**Your task:** Of all the lines in the entries, how many carry the word "UNSPECIFIED"? The reply is that number and no more.

**Provided material:**

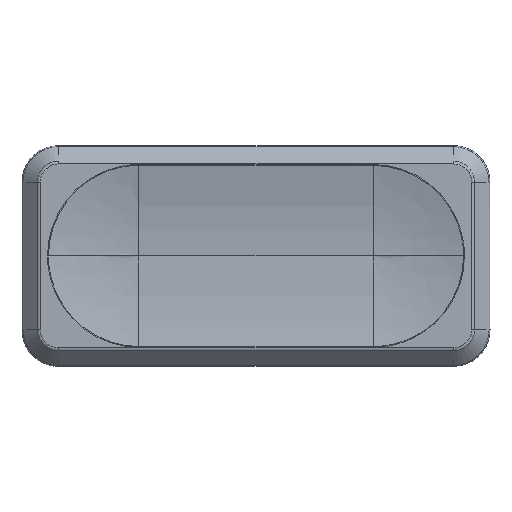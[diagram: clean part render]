
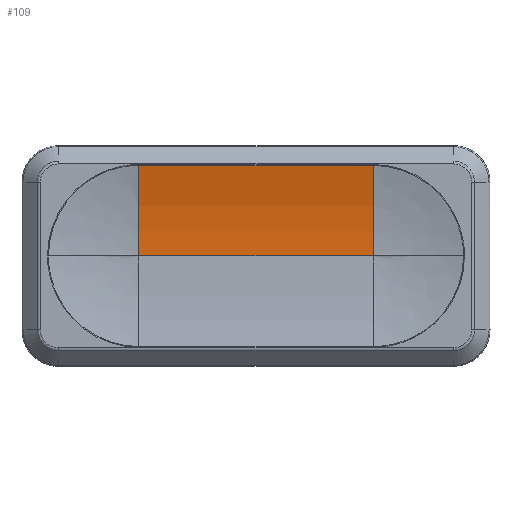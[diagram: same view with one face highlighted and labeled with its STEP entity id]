
A CAD part, top view. The second image highlights one B-rep face of the part: STEP entity #109.
In plain terms, the highlighted free-form (B-spline) face has degree [2, 1] with [3, 2] control points.
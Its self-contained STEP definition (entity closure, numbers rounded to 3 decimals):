
#109=ADVANCED_FACE('',(#204),#1316,.T.);
#204=FACE_OUTER_BOUND('',#302,.T.);
#302=EDGE_LOOP('',(#700,#701,#702,#703));
#700=ORIENTED_EDGE('',*,*,#918,.T.);
#701=ORIENTED_EDGE('',*,*,#936,.F.);
#702=ORIENTED_EDGE('',*,*,#927,.F.);
#703=ORIENTED_EDGE('',*,*,#935,.F.);
#918=EDGE_CURVE('',#1263,#1260,#1049,.T.);
#927=EDGE_CURVE('',#1268,#1267,#1058,.T.);
#935=EDGE_CURVE('',#1263,#1268,#1147,.T.);
#936=EDGE_CURVE('',#1267,#1260,#1148,.T.);
#1049=(
BOUNDED_CURVE()
B_SPLINE_CURVE(2,(#2728,#2729,#2730),.UNSPECIFIED.,.F.,.F.)
B_SPLINE_CURVE_WITH_KNOTS((3,3),(0.092,7.517),
 .UNSPECIFIED.)
CURVE()
GEOMETRIC_REPRESENTATION_ITEM()
RATIONAL_B_SPLINE_CURVE((1.,1.,1.))
REPRESENTATION_ITEM('')
);
#1058=(
BOUNDED_CURVE()
B_SPLINE_CURVE(2,(#2755,#2756,#2757),.UNSPECIFIED.,.F.,.F.)
B_SPLINE_CURVE_WITH_KNOTS((3,3),(0.092,7.517),
 .UNSPECIFIED.)
CURVE()
GEOMETRIC_REPRESENTATION_ITEM()
RATIONAL_B_SPLINE_CURVE((1.,1.,1.))
REPRESENTATION_ITEM('')
);
#1147=B_SPLINE_CURVE_WITH_KNOTS('',1,(#2779,#2780),.UNSPECIFIED.,.F.,.F.,
(2,2),(0.,1.),.UNSPECIFIED.);
#1148=B_SPLINE_CURVE_WITH_KNOTS('',1,(#2781,#2782),.UNSPECIFIED.,.F.,.F.,
(2,2),(-1.,0.),.UNSPECIFIED.);
#1260=VERTEX_POINT('',#2052);
#1263=VERTEX_POINT('',#2055);
#1267=VERTEX_POINT('',#2059);
#1268=VERTEX_POINT('',#2060);
#1316=(
BOUNDED_SURFACE()
B_SPLINE_SURFACE(2,1,((#1929,#1930),(#1931,#1932),(#1933,#1934)),
 .UNSPECIFIED.,.F.,.F.,.F.)
B_SPLINE_SURFACE_WITH_KNOTS((3,3),(2,2),(0.092,7.517),
(0.,1.),.UNSPECIFIED.)
GEOMETRIC_REPRESENTATION_ITEM()
RATIONAL_B_SPLINE_SURFACE(((1.,1.),(1.,1.),(1.,1.)))
REPRESENTATION_ITEM('')
SURFACE()
);
#1929=CARTESIAN_POINT('',(-59.441,-113.746,9.442));
#1930=CARTESIAN_POINT('',(-41.891,-113.746,9.442));
#1931=CARTESIAN_POINT('',(-59.441,-117.141,8.624));
#1932=CARTESIAN_POINT('',(-41.891,-117.141,8.624));
#1933=CARTESIAN_POINT('',(-59.441,-120.537,8.624));
#1934=CARTESIAN_POINT('',(-41.891,-120.537,8.624));
#2052=CARTESIAN_POINT('',(-59.441,-120.537,8.624));
#2055=CARTESIAN_POINT('',(-59.441,-113.746,9.442));
#2059=CARTESIAN_POINT('',(-41.891,-120.537,8.624));
#2060=CARTESIAN_POINT('',(-41.891,-113.746,9.442));
#2728=CARTESIAN_POINT('',(-59.441,-113.746,9.442));
#2729=CARTESIAN_POINT('',(-59.441,-117.141,8.624));
#2730=CARTESIAN_POINT('',(-59.441,-120.537,8.624));
#2755=CARTESIAN_POINT('',(-41.891,-113.746,9.442));
#2756=CARTESIAN_POINT('',(-41.891,-117.141,8.624));
#2757=CARTESIAN_POINT('',(-41.891,-120.537,8.624));
#2779=CARTESIAN_POINT('',(-59.441,-113.746,9.442));
#2780=CARTESIAN_POINT('',(-41.891,-113.746,9.442));
#2781=CARTESIAN_POINT('',(-41.891,-120.537,8.624));
#2782=CARTESIAN_POINT('',(-59.441,-120.537,8.624));

**Response to the exercise:** 10